Font Settings

Font Settings API is now stable! See the chrome.fontSettings documentation.

Proposal Date
Jan 17, 2012

Who is the primary contact for this API?
Matt Falkenhagen (falken@)

Who will be responsible for this API? (Team please, not an individual)

Chrome Tokyo team / Chrome i18n team


Overview
Expose Chrome/WebKit font preferences to extensions, much like the Proxy Settings API.

Use cases
We want to add a more advanced font settings UI than is currently available, and it might be decided that it should be an extension in interest of keeping the Chrome UI simple.

Specifically, Chrome/WebKit recently added per-script font settings, so e.g., the "sans-serif" font setting for Simplified Chinese script can be different than the one for Traditional Chinese, or Japanese, etc. We want users to have access to these preferences. This is crbug.com/2685.

Furthermore, there are other font settings not currently exposed in the UI, such as for fantasy and cursive fonts. This API would allow extensions for those settings.

Do you know anyone else, internal or external, that is also interested in this API?
No.

Could this API be part of the web platform?
No, this is simply client-side Chrome/WebKit settings. I don't see how it could be part of the web platform.

Do you expect this API to be fairly stable?  How might it be extended or changed in the future?
Yes, it will be fairly stable, only changing when the underlying Chrome/WebKit settings change. Some reasons it may change are:
  • It could be extended if support for additional scripts or CSS font families is needed.
  • The per-script settings may be extended to be per-script+language. For example, Farsi/Persian may need to use a different font than the one for Arabic language although both are written in Arabic script.
  • Some settings like default font size, default fixed font size, minimum font size that are currently global settings may become per-script settings in the future.
  • We could also add more parameters like font settings for certain URL patterns.

List every UI surface belonging to or potentially affected by your API:
Since it's exposing Chrome/WebKit font settings, it should affect only the web content renderer. These settings are not used in native UI surfaces to my knowledge.

How could this API be abused?
Describe any concerns you have with exposing this API. Particular attention should be given to issues of security, privacy and performance.
Since Chrome observes font settings changes and propagates them to WebKit, which redraws as necessary, maybe an extension can cause performance disruptions.

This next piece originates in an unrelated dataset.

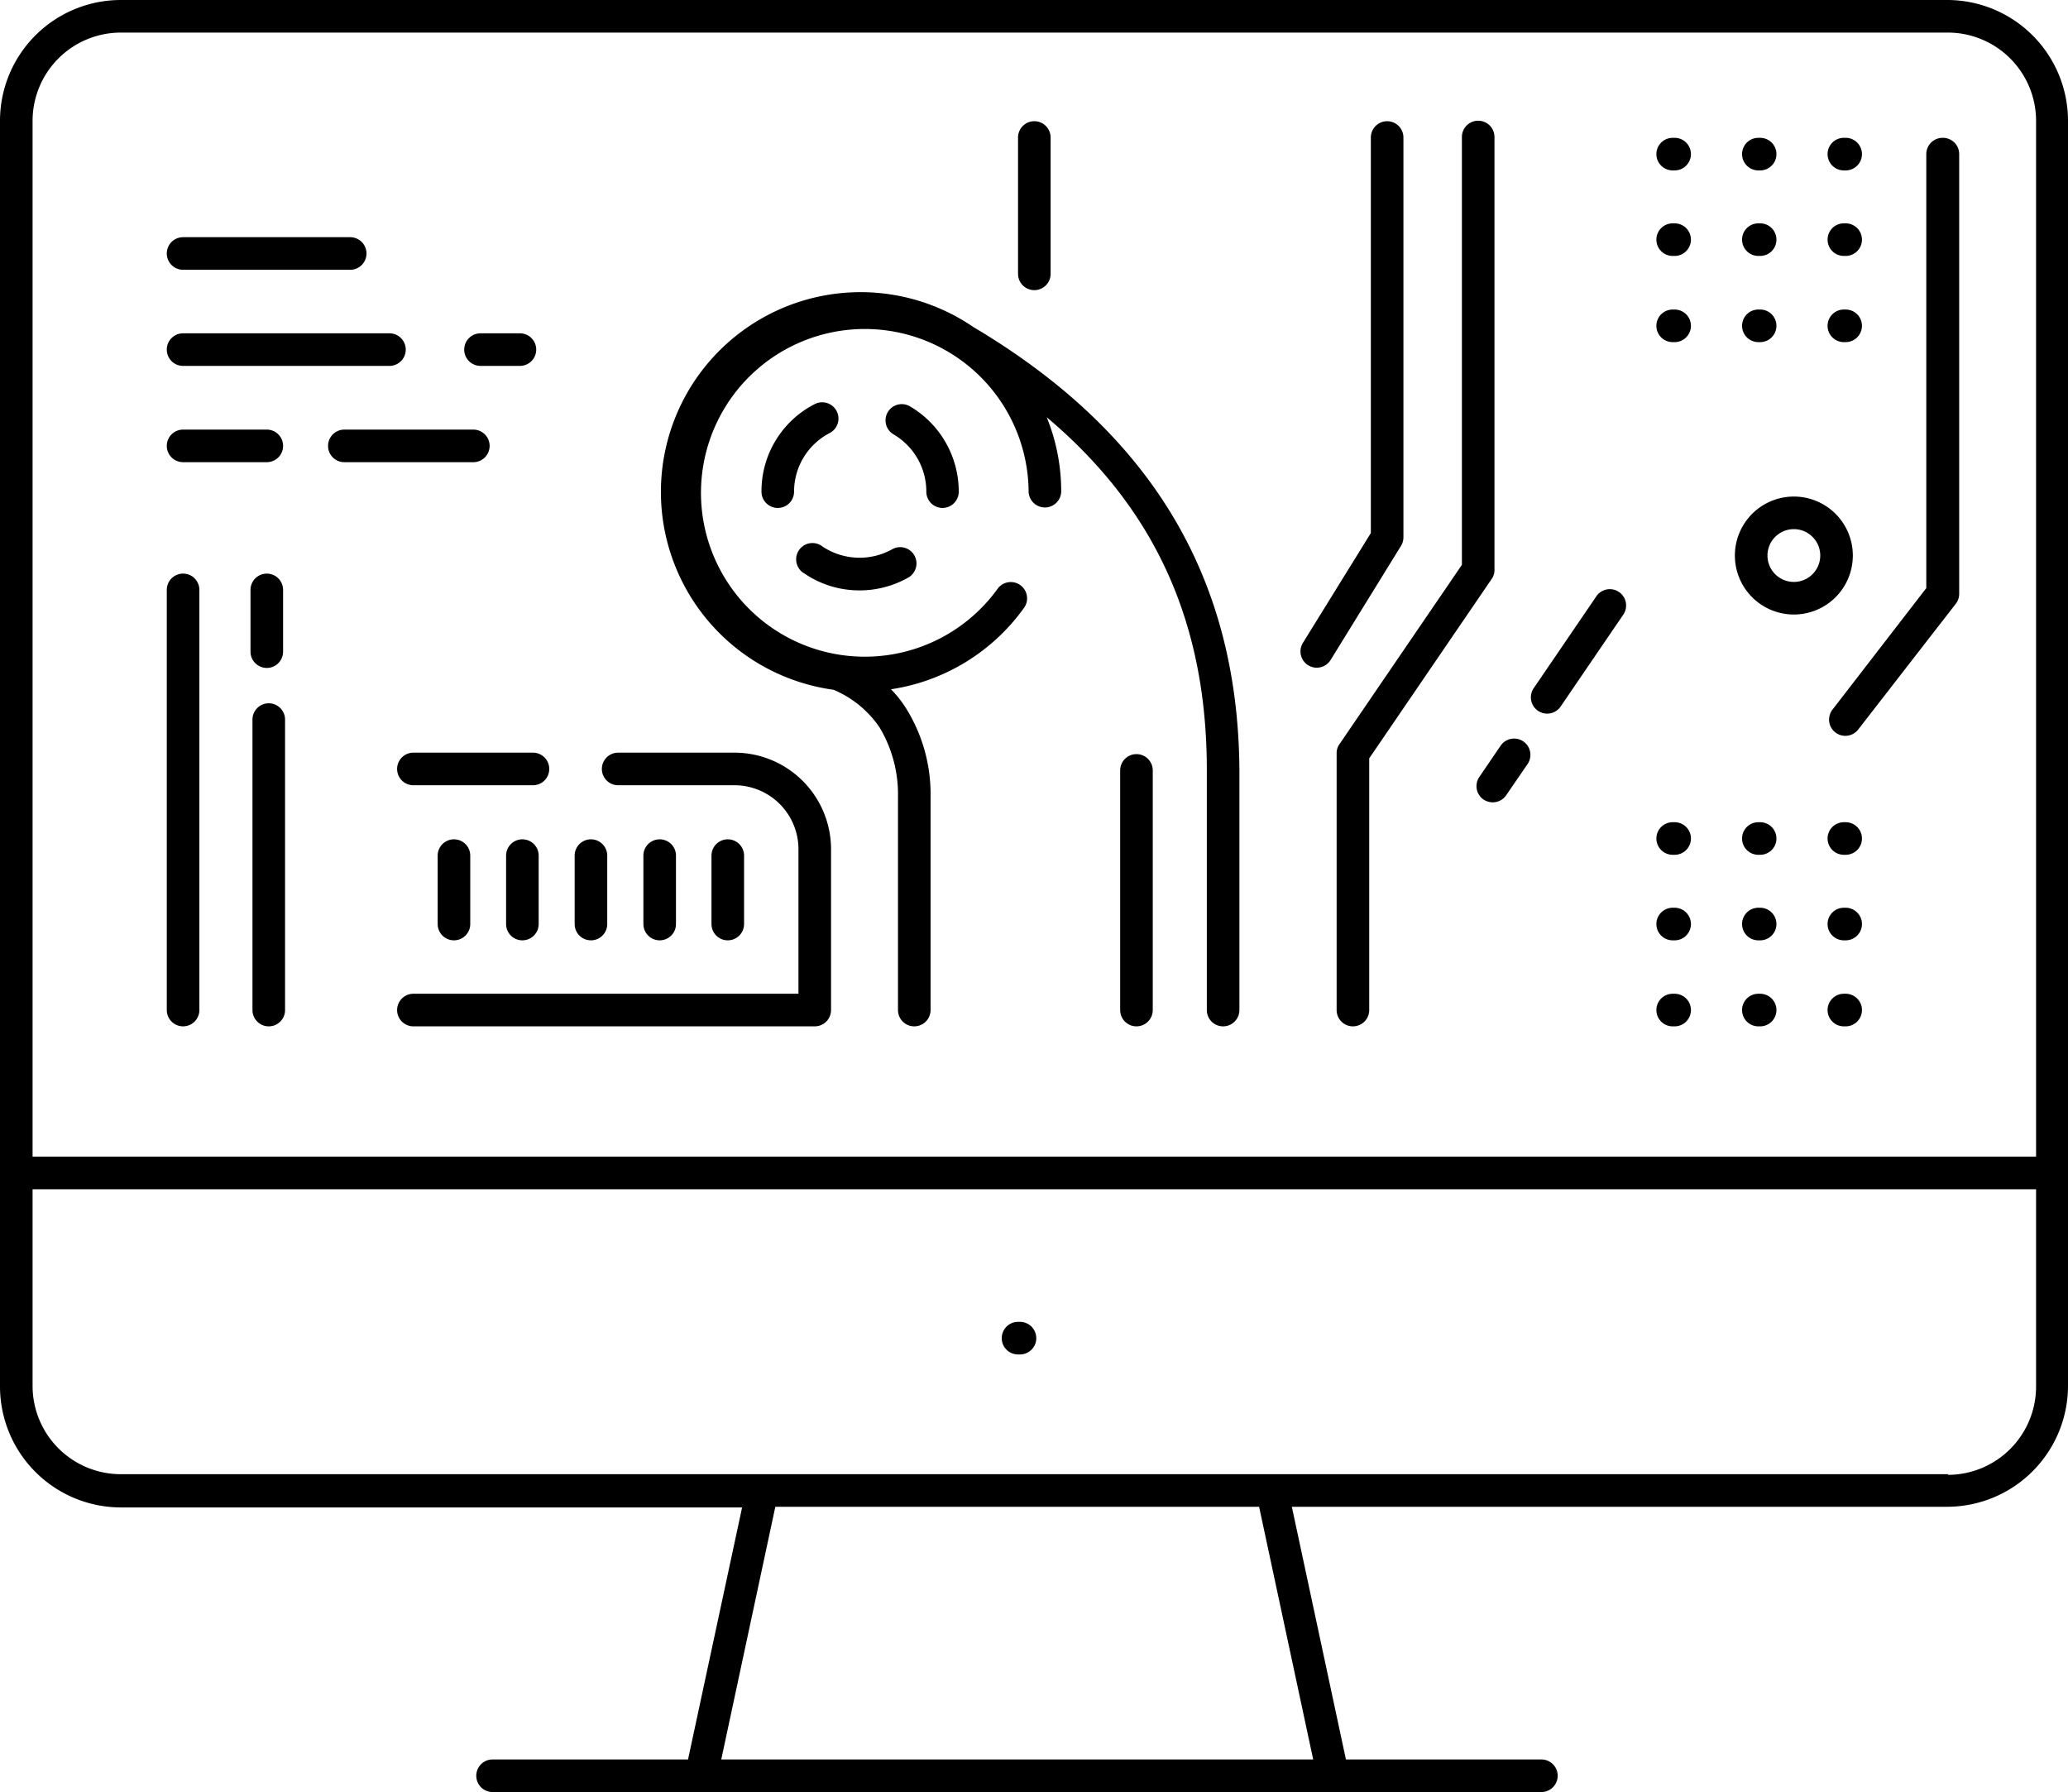 <svg xmlns="http://www.w3.org/2000/svg" width="200" height="173.283" viewBox="0 0 200 173.283"><title>Asset 1</title><g id="Layer_2" data-name="Layer 2"><g id="Layer_1-2" data-name="Layer 1"><path d="M91.147,49.118a1.575,1.575,0,0,0,1.575-1.575,9.562,9.562,0,0,0-4.726-8.255,1.57,1.57,0,1,0-1.569,2.72l.009.005a6.411,6.411,0,0,1,3.151,5.529A1.575,1.575,0,0,0,91.147,49.118Z"/><path d="M80.214,41.887a1.575,1.575,0,0,0-1.4-2.823q-.033.016-.065.034a9.452,9.452,0,0,0-5.104,8.444,1.575,1.575,0,0,0,3.151,0A6.38,6.38,0,0,1,80.214,41.887Z"/><path d="M83.176,57.089a9.546,9.546,0,0,0,4.726-1.276,1.575,1.575,0,0,0-1.575-2.725,6.474,6.474,0,0,1-6.774-.236,1.575,1.575,0,1,0-1.764,2.599,9.452,9.452,0,0,0,5.388,1.638Z"/><path d="M98.566,127.82h-.11a1.575,1.575,0,0,0,0,3.151h.189a1.575,1.575,0,0,0,0-3.151Z"/><path d="M178.324,33.081h.173a1.575,1.575,0,0,0,0-3.151h-.173a1.575,1.575,0,1,0,0,3.151Z"/><path d="M170.054,33.081h.173a1.575,1.575,0,0,0,0-3.151h-.173a1.575,1.575,0,1,0,0,3.151Z"/><path d="M161.957,29.931h-.189a1.575,1.575,0,1,0,0,3.151h.189a1.575,1.575,0,0,0,0-3.151Z"/><path d="M178.324,24.748h.173a1.575,1.575,0,0,0,0-3.151h-.173a1.575,1.575,0,1,0,0,3.151Z"/><path d="M170.054,24.748h.173a1.575,1.575,0,0,0,0-3.151h-.173a1.575,1.575,0,1,0,0,3.151Z"/><path d="M161.957,21.597h-.189a1.575,1.575,0,1,0,0,3.151h.189a1.575,1.575,0,0,0,0-3.151Z"/><path d="M178.324,16.478h.173a1.575,1.575,0,0,0,0-3.151h-.173a1.575,1.575,0,1,0,0,3.151Z"/><path d="M170.054,16.478h.173a1.575,1.575,0,0,0,0-3.151h-.173a1.575,1.575,0,1,0,0,3.151Z"/><path d="M161.957,13.327h-.189a1.575,1.575,0,1,0,0,3.151h.189a1.575,1.575,0,0,0,0-3.151Z"/><path d="M178.497,96.093h-.173a1.575,1.575,0,0,0,0,3.151h.173a1.575,1.575,0,1,0,0-3.151Z"/><path d="M170.227,96.093h-.173a1.575,1.575,0,1,0,0,3.151h.173a1.575,1.575,0,0,0,0-3.151Z"/><path d="M161.957,96.093h-.189a1.575,1.575,0,0,0,0,3.151h.189a1.575,1.575,0,1,0,0-3.151Z"/><path d="M178.497,87.776h-.173a1.575,1.575,0,0,0,0,3.151h.173a1.575,1.575,0,0,0,0-3.151Z"/><path d="M170.227,87.776h-.173a1.575,1.575,0,0,0,0,3.151h.173a1.575,1.575,0,0,0,0-3.151Z"/><path d="M161.957,87.776h-.189a1.575,1.575,0,0,0,0,3.151h.189a1.575,1.575,0,1,0,0-3.151Z"/><path d="M178.497,79.505h-.173a1.575,1.575,0,0,0,0,3.151h.173a1.575,1.575,0,0,0,0-3.151Z"/><path d="M170.227,79.505h-.173a1.575,1.575,0,0,0,0,3.151h.173a1.575,1.575,0,0,0,0-3.151Z"/><path d="M161.957,79.505h-.189a1.575,1.575,0,0,0,0,3.151h.189a1.575,1.575,0,0,0,0-3.151Z"/><path d="M109.909,72.921a1.575,1.575,0,0,0-1.575,1.575V97.669a1.575,1.575,0,0,0,3.151,0V74.496A1.575,1.575,0,0,0,109.909,72.921Z"/><path d="M100.032,28.056a1.575,1.575,0,0,0,1.575-1.575V13.296a1.575,1.575,0,0,0-3.151,0V26.481A1.575,1.575,0,0,0,100.032,28.056Z"/><path d="M25.992,68.006a1.575,1.575,0,0,0-1.575,1.575V97.669a1.575,1.575,0,0,0,3.151,0V69.581A1.575,1.575,0,0,0,25.992,68.006Z"/><path d="M17.706,55.466a1.575,1.575,0,0,0-1.575,1.575v40.627a1.575,1.575,0,0,0,3.151,0v-40.627A1.575,1.575,0,0,0,17.706,55.466Z"/><path d="M25.803,64.587a1.575,1.575,0,0,0,1.575-1.575V57.042a1.575,1.575,0,0,0-3.151,0V63.012A1.575,1.575,0,0,0,25.803,64.587Z"/><path d="M145.132,72.101,143.069,75.126a1.575,1.575,0,0,0,.41,2.19,1.701,1.701,0,0,0,.898.268,1.575,1.575,0,0,0,1.292-.693l2.064-3.009a1.575,1.575,0,0,0-2.599-1.78Z"/><path d="M188.374,0H11.689A11.689,11.689,0,0,0,0,11.61V134.074a11.704,11.704,0,0,0,11.689,11.689H71.771l-5.23,24.37H47.637a1.575,1.575,0,1,0,0,3.151H149.071a1.575,1.575,0,0,0,0-3.151H130.167l-5.23-24.433h63.374A11.704,11.704,0,0,0,200,134.011V11.61A11.689,11.689,0,0,0,188.374,0ZM127.001,170.132H69.754l5.23-24.433h46.786Zm61.437-27.583H11.689a8.538,8.538,0,0,1-8.538-8.475V114.997H196.912v19.077a8.538,8.538,0,0,1-8.538,8.538Zm8.475-30.703H3.151V11.61A8.538,8.538,0,0,1,11.689,3.151H188.374a8.538,8.538,0,0,1,8.538,8.522Z"/><path d="M17.706,26.087H33.869a1.575,1.575,0,0,0,0-3.151H17.706a1.575,1.575,0,1,0,0,3.151Z"/><path d="M17.706,44.691h8.097a1.575,1.575,0,1,0,0-3.151h-8.097a1.575,1.575,0,0,0,0,3.151Z"/><path d="M47.353,43.116a1.575,1.575,0,0,0-1.575-1.575H33.302a1.575,1.575,0,0,0,0,3.151H45.778A1.575,1.575,0,0,0,47.353,43.116Z"/><path d="M46.471,35.381h3.812a1.575,1.575,0,1,0,0-3.151H46.471a1.575,1.575,0,0,0,0,3.151Z"/><path d="M17.706,35.381h19.959a1.575,1.575,0,0,0,0-3.151h-19.959a1.575,1.575,0,0,0,0,3.151Z"/><path d="M154.379,57.672l-6.049,8.869a1.575,1.575,0,0,0,2.599,1.78l6.049-8.869a1.575,1.575,0,1,0-2.578-1.812l-.022.032Z"/><path d="M144.534,55.135V13.248a1.575,1.575,0,1,0-3.151,0V54.616l-11.831,17.328a1.481,1.481,0,0,0-.284.882V97.669a1.575,1.575,0,0,0,3.151,0V73.33l11.831-17.328A1.481,1.481,0,0,0,144.534,55.135Z"/><path d="M71.046,72.779H59.783a1.575,1.575,0,0,0,0,3.151H71.046a6.191,6.191,0,0,1,6.175,6.175V96.093H39.981a1.575,1.575,0,1,0,0,3.151H78.796a1.575,1.575,0,0,0,1.575-1.575V82.105A9.342,9.342,0,0,0,71.046,72.779Z"/><path d="M39.981,72.779a1.575,1.575,0,0,0,0,3.151H51.544a1.575,1.575,0,1,0,0-3.151Z"/><path d="M179.19,53.718a5.703,5.703,0,1,0-5.703,5.703A5.703,5.703,0,0,0,179.19,53.718Zm-5.703,2.552a2.552,2.552,0,1,1,2.552-2.552,2.552,2.552,0,0,1-2.552,2.552Z"/><path d="M42.328,82.735V89.351a1.575,1.575,0,1,0,3.151,0V82.735a1.575,1.575,0,0,0-3.151,0Z"/><path d="M48.945,82.735V89.351a1.575,1.575,0,0,0,3.151,0V82.735a1.575,1.575,0,0,0-3.151,0Z"/><path d="M57.152,90.926a1.575,1.575,0,0,0,1.575-1.575V82.735a1.575,1.575,0,0,0-3.151,0V89.351A1.575,1.575,0,0,0,57.152,90.926Z"/><path d="M65.375,89.351V82.735a1.575,1.575,0,0,0-3.151,0V89.351a1.575,1.575,0,0,0,3.151,0Z"/><path d="M71.96,89.351V82.735a1.575,1.575,0,0,0-3.151,0V89.351a1.575,1.575,0,1,0,3.151,0Z"/><path d="M187.87,13.327a1.575,1.575,0,0,0-1.575,1.575v41.966L177.221,68.62a1.572,1.572,0,1,0,2.489,1.922l9.452-12.177a1.575,1.575,0,0,0,.315-.961V14.871a1.575,1.575,0,0,0-1.606-1.544Z"/><path d="M135.728,51.985V13.296a1.575,1.575,0,1,0-3.151,0V51.544l-6.569,10.618a1.575,1.575,0,0,0,.511,2.168l.009.005a1.575,1.575,0,0,0,2.158-.52l6.805-11.027a1.575,1.575,0,0,0,.236-.803Z"/><path d="M94.124,31.616A19.313,19.313,0,1,0,80.608,66.698a10.066,10.066,0,0,1,4.474,3.67,12.602,12.602,0,0,1,1.764,6.679V97.669a1.575,1.575,0,0,0,3.151,0V77.032a15.658,15.658,0,0,0-2.253-8.349,10.775,10.775,0,0,0-1.575-2.032,19.376,19.376,0,0,0,12.87-7.877,1.575,1.575,0,0,0-.367-2.197l-.011-.008a1.575,1.575,0,0,0-2.19.378,15.844,15.844,0,1,1,3.009-9.452,1.575,1.575,0,0,0,3.151,0,19.03,19.03,0,0,0-1.402-7.152c10.507,8.853,15.485,19.896,15.485,34.105V97.669a1.575,1.575,0,0,0,3.151,0V74.496c-.11-18.62-8.491-32.64-25.74-42.88Z"/></g></g></svg>

Imagine you’re Dr. Evil Extension Writer, list the three worst evil deeds you could commit with your API (if you’ve got good ones, feel free to add more):
1) An extension that trashes the font settings. Uninstalling the extension would undo the damage.
2) An extension that rapidly keeps changing the fonts. It could conceivably be a DOS attack as WebKit tries to keep up. 3) An extension that reads font settings and uploads to a server to try to build a database fingerprinting users by the font settings. Also, if the API exposes a list of fonts installed on the system, it can also be a source of information for fingerprinting. See: http://trac.webkit.org/wiki/Fingerprinting

Alright Doctor, one last challenge:  
Could a consumer of your API cause any permanent change to the user’s system using your API that would not be reversed when that consumer is removed from the system?
No. It just uses the standard extension-controlled preferences feature which handles cleanup when the extension is uninstalled.

How would you implement your desired features if this API didn't exist?
It could be part of the built-in Settings UI instead of relying on extensions.

Draft API spec
For the appropriate style, please refer to existing APIs as well as the other API proposals.
For example, note that API calls that affect the browser process must be asynchronous, to prevent extension JavaScript from blocking on the browser UI.

See the current API spec on trunk documentation.

Originally I planned to use ChromeSetting to expose all preferences, but there would be too many of them (about 30 scripts with 6 font families each...).

Open questions
Note any unanswered questions that require further discussion.
There was a possibility of putting per-script and other advanced font settings in the built-in UI, but to keep Chrome UI simple this is unlikely to happen.